Key Facts

Abstract:
Ubiquitination is achieved through a co-ordinated enzymatic cascade of E1, E2, and E3 ligases. E1 ubiquitin activating enzymes are the initiators of ubiquitination. In most metazoans two E1 ubiquitin activating enzymes exist: UBA1 and the non-canonical E1, UBA6. Recently, we and others have discovered that the E2 and regulator of cell death and development, BIRC6, functions exclusively with UBA6. Both UBA6 and BIRC6 are essential for normal development and brain specific UBA6 knockout mice display neurological disorders. Despite their functional importance, how E2 ubiquitin-conjugating enzymes function exclusively with UBA6 is not understood. Through trapping stable complexes of E2s receiving ubiquitin from UBA6 we are uncovering the molecular determinants of E2 specificity.

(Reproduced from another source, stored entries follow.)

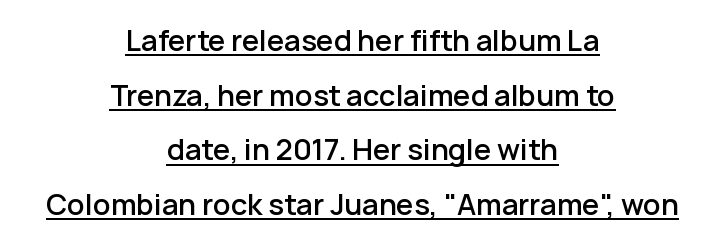
Q: Is the text bold? A: Semi-bold.
Q: Is the text italic (slanted)? A: No, it is upright.
Q: Is the typeface a serif or a sans-serif typeface? A: Sans-serif.
Q: Is the text underlined? A: Yes.
Q: How is the paragraph aligned? A: Centered.
Q: Is the spacing between letters normal or unusually wide? A: Normal.
Q: Is the spacing between lines tight, normal or loose? A: Loose.
Q: Width (condensed, normal, or wide)? A: Normal.
Q: Stroke contrast? A: Low.
Q: x-height? A: Medium.
Q: Monospaced? A: No.
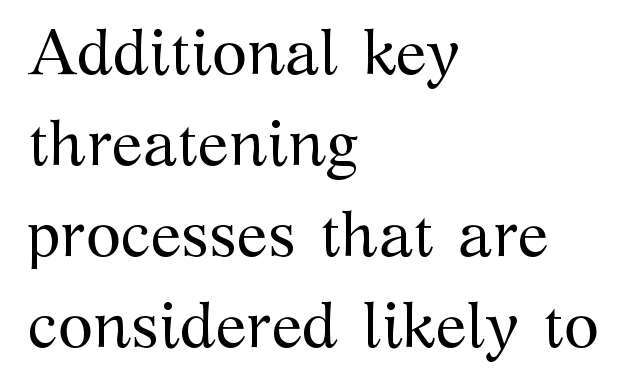
Q: Is the text bold? A: No.
Q: Is the text italic (slanted)? A: No, it is upright.
Q: Is the typeface a serif or a sans-serif typeface? A: Serif.
Q: Is the text underlined? A: No.
Q: How is the paragraph aligned? A: Left-aligned.
Q: Is the spacing between letters normal or unusually wide? A: Normal.
Q: Is the spacing between lines tight, normal or loose? A: Normal.
Q: Width (condensed, normal, or wide)? A: Normal.
Q: Stroke contrast? A: Medium.
Q: x-height? A: Medium.
Q: Monospaced? A: No.
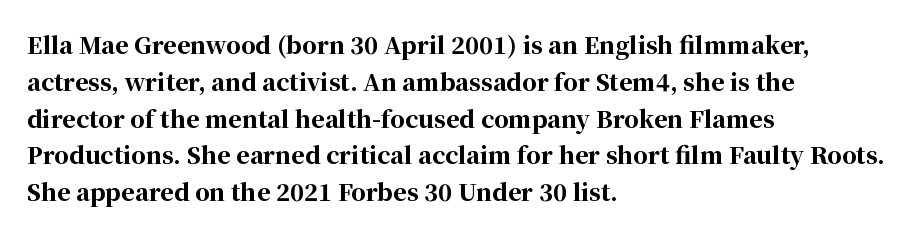
{"italic": "no", "bold": "yes", "underline": "no", "align": "left", "line_spacing": "normal", "line_spacing_ratio": 1.6, "letter_spacing": "normal", "letter_spacing_em": 0.0, "glyph_px": 23}
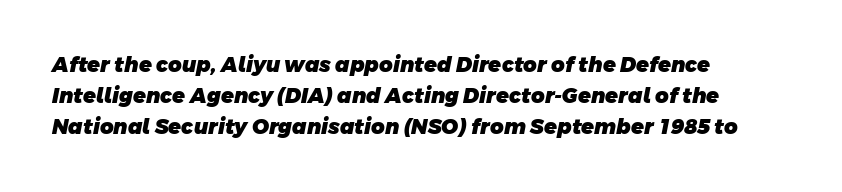
{"bold": "yes", "underline": "no", "align": "left", "line_spacing": "normal", "line_spacing_ratio": 1.48, "letter_spacing": "normal", "letter_spacing_em": 0.0, "glyph_px": 21}
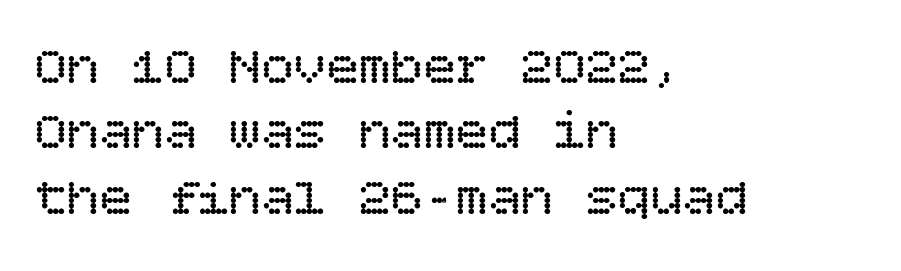
Q: Is the text bold? A: No.
Q: Is the text italic (slanted)? A: No, it is upright.
Q: Is the text underlined? A: No.
Q: How is the paragraph aligned? A: Left-aligned.
Q: Is the spacing between letters normal or unusually wide? A: Normal.
Q: Width (condensed, normal, or wide)? A: Normal.
Q: Stroke contrast? A: Low.
Q: x-height? A: Large.
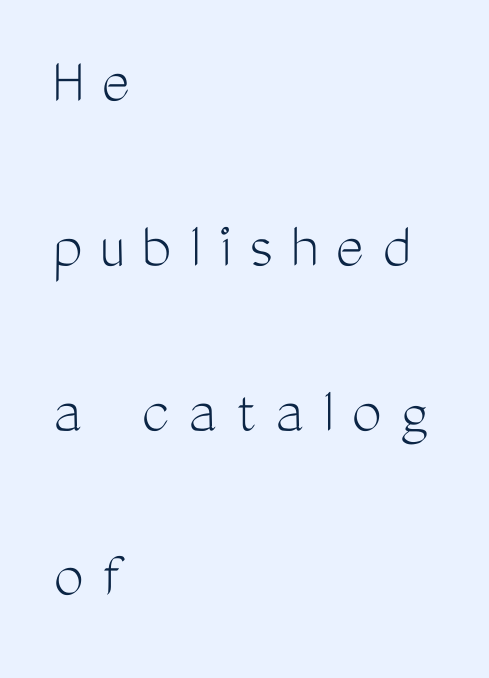
{"serif": "no", "italic": "no", "bold": "no", "weight": "light", "width": "condensed", "stroke_contrast": "medium", "x_height": "medium", "monospaced": "no", "underline": "no", "align": "left", "line_spacing": "loose", "line_spacing_ratio": 2.46, "letter_spacing": "wide", "letter_spacing_em": 0.27, "glyph_px": 67}
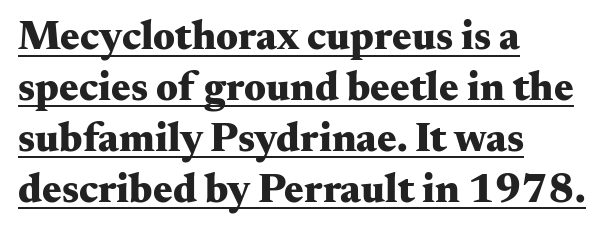
{"serif": "yes", "italic": "no", "bold": "yes", "weight": "heavy", "width": "wide", "stroke_contrast": "medium", "x_height": "small", "monospaced": "no", "underline": "yes", "align": "left", "line_spacing_ratio": 1.24, "letter_spacing": "normal", "letter_spacing_em": 0.0, "glyph_px": 41}
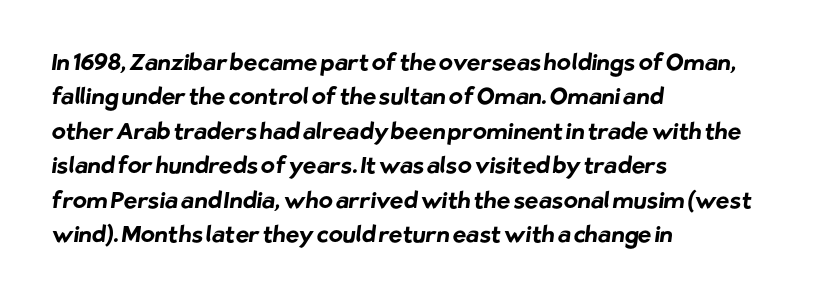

Our work will provide the fundamental molecular understanding crucial for investigating the non-canonical ubiquitination pathway in cellular processes.
Bio:
I completed my PhD at the University of Leicester under the supervision of Professor Peter Moody learning the dark arts of protein crystallography. I then moved to the University of Liverpool where I was a postdoc with Dr Igor Barsukov and Professor Lu-Yun Lian using NMR and crystallography to study the cell adhesion protein Talin. A collaboration with Professors Mike Clague and Sylvie Urbé in Liverpool ignited my interest in the small protein, ubiquitin. This led me to join the lab of Dr David Komander at the MRC Laboratory of Molecular Biology, Cambridge, where I became an Investigator Scientist. In 2018 I established my independent group in the Department of Biochemistry with an MRC Career Development Award.